Post-operative unadjuvanted therapeutic xenovaccination with chicken whole embryo vaccine suppresses distant micrometastases and prolongs survival in a murine Lewis lung carcinoma model

Abstract

Immunotherapy in the form of anticancer vaccination relies on the mobilization of the patient's immune system against specific cancer antigens. Instead of focusing on an autologous cell lysate, which is not always available in clinical practice, the present study investigates vaccines utilizing xenogeneic foetal tissue that are rich in oncofoetal antigens. Lewis lung carcinoma (LLC)-challenged C57BL/6 mice were treated with either a xenogeneic vaccine made from chicken whole embryo, or a xenogeneic vaccine made from rat embryonic brain tissue, supplemented with a Bacillus subtilis protein fraction as an adjuvant. Median and overall survival, size of metastatic foci in lung tissue and levels of circulating CD8a⁺ T cells were evaluated and compared with untreated control mice.

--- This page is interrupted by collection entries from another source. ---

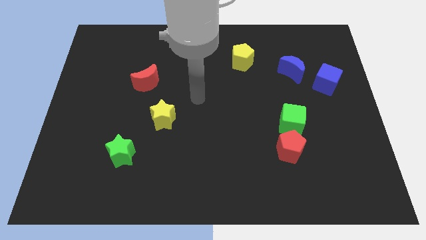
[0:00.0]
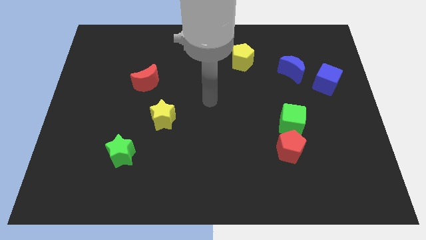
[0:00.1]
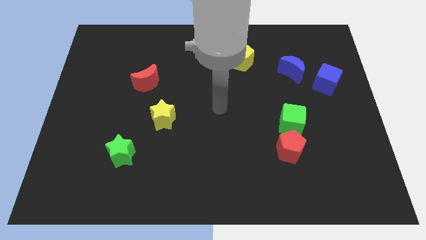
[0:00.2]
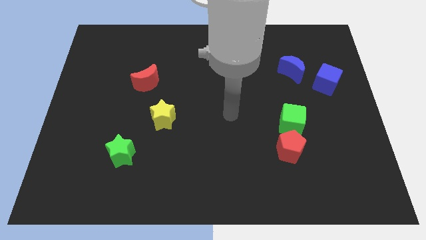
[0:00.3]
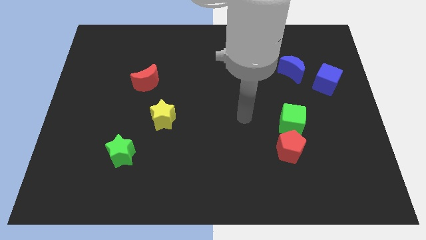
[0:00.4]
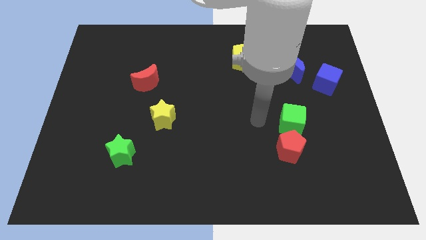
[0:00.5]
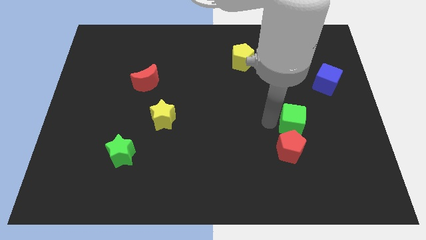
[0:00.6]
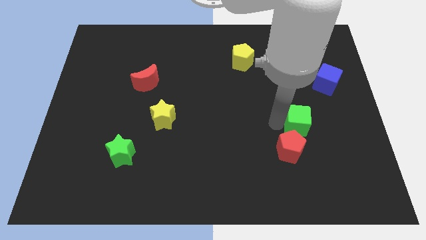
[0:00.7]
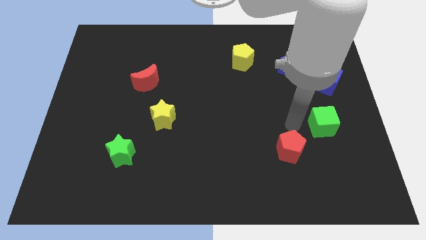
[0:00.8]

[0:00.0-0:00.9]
move the red pentagon away from the green cube

Following primary tumour removal, a course of three subcutaneous vaccinations with xenogeneic chicken embryo vaccine led to significant increase in overall survival rate (100% after 70 days of follow-up vs. 40% in untreated control mice), significant increase in circulating CD8a⁺ T cells (18.18 vs. 12.6% in untreated control mice), and a significant decrease in the area and incidence of metastasis foci. The xenogeneic rat brain tissue-based vaccine did not improve any of the investigated parameters, despite promising reports in other models. We hypothesize that the proper selection of antigen source (tissue) can constitute an effective immunotherapeutic product.

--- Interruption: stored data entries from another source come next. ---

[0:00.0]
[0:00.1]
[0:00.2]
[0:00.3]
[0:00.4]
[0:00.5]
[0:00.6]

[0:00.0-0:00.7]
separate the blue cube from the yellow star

Keywords: Lewis lung carcinoma; cytotoxic lymphocytes; metastasis; mice; vaccination; xenogeneic.

Figure 1.

Experimental anticancer vaccination and sampling scheme for C57BL/6 mice challenged with LLC cells. Experiment design depicted from the time of tumor challenge (day 0) to the end of the survival observation (day 70). Figure presented previously (39).

Figure 2.

Kaplan-Meier survival curves for mice receiving adjuvant treatment with different xenogeneic vaccines following the removal of primary LLC-derived tumors. The mice that were treated with the xeno chicken vaccine survived significantly longer (mOS, 70 days) compared with the mice that were treated with the xeno rat vaccine (mOS, 60 days; P=0.003) and control group animals (mOS, 55 days; P=0.003). There was no significant difference in survival between the xeno rat and control groups. For each treatment arm, n=10. LLC, Lewis lung carcinoma; mOS, mean overall survival.

Figure 3.

Percentage of CD8a⁺ T cells in circulating peripheral blood monocytes prior to therapeutic xenovaccination (day 16, white column), 3 days after the completion of xenovaccination (day 26, black columns) and at the end of the study (day 70, grey columns). There were no significant changes in the levels of circulating CD8a⁺ T cells 3 days after the completion of xenovaccination, compared with the levels prior to the start of vaccination (within and between the experimental arms). However, on day 70 (at the end of the observation period), the levels of circulating CD8a⁺ T cells were significantly higher in the surviving mice vaccinated with the xeno chicken vaccine (n=10) compared with surviving mice (n=4) in the control group (P=0.002) or in the Xeno Rat group (P=0.049). In xeno chicken vaccine-treated mice, the level of CD8a⁺ T cells on day 70 was significantly higher compared with the level on day 16 (following tumor removal, prior to xenovaccination) (P=0.036) and on day 26 (3 days after the completion of xenovaccination) (P=0.003). There were no significant differences in the levels of circulating CD8a⁺ T cells in the mice that were treated with xeno rat vaccines evaluated at different time points or comparing T-cell levels with those in control group animals. Additionally, there was a significantly lower CD8a⁺ T-cell population in the control mice at the end of the study (day 70) compared with the level following the completion of vaccination (day 16) (P=0.028). CD8a, cluster of differentiation 8a. *P≤0.05.

Figure 4.

CD8a⁺ flow cytometric analysis. Histograms for the (A) control, (B) xeno rat and (C) xeno chicken treatment groups. CD8a, cluster of differentiation 8a.

Figure 5.

Histological analysis of lung samples from mice surviving the experiment (day 70). Histological slides from (A) control mice, (B) mice in the xeno rat experimental arm and (C) mice in the xeno chicken experimental arm. Metastatic foci (A and B) fill the whole field of view or are (C) indicated by an arrow. Magnification, ×100.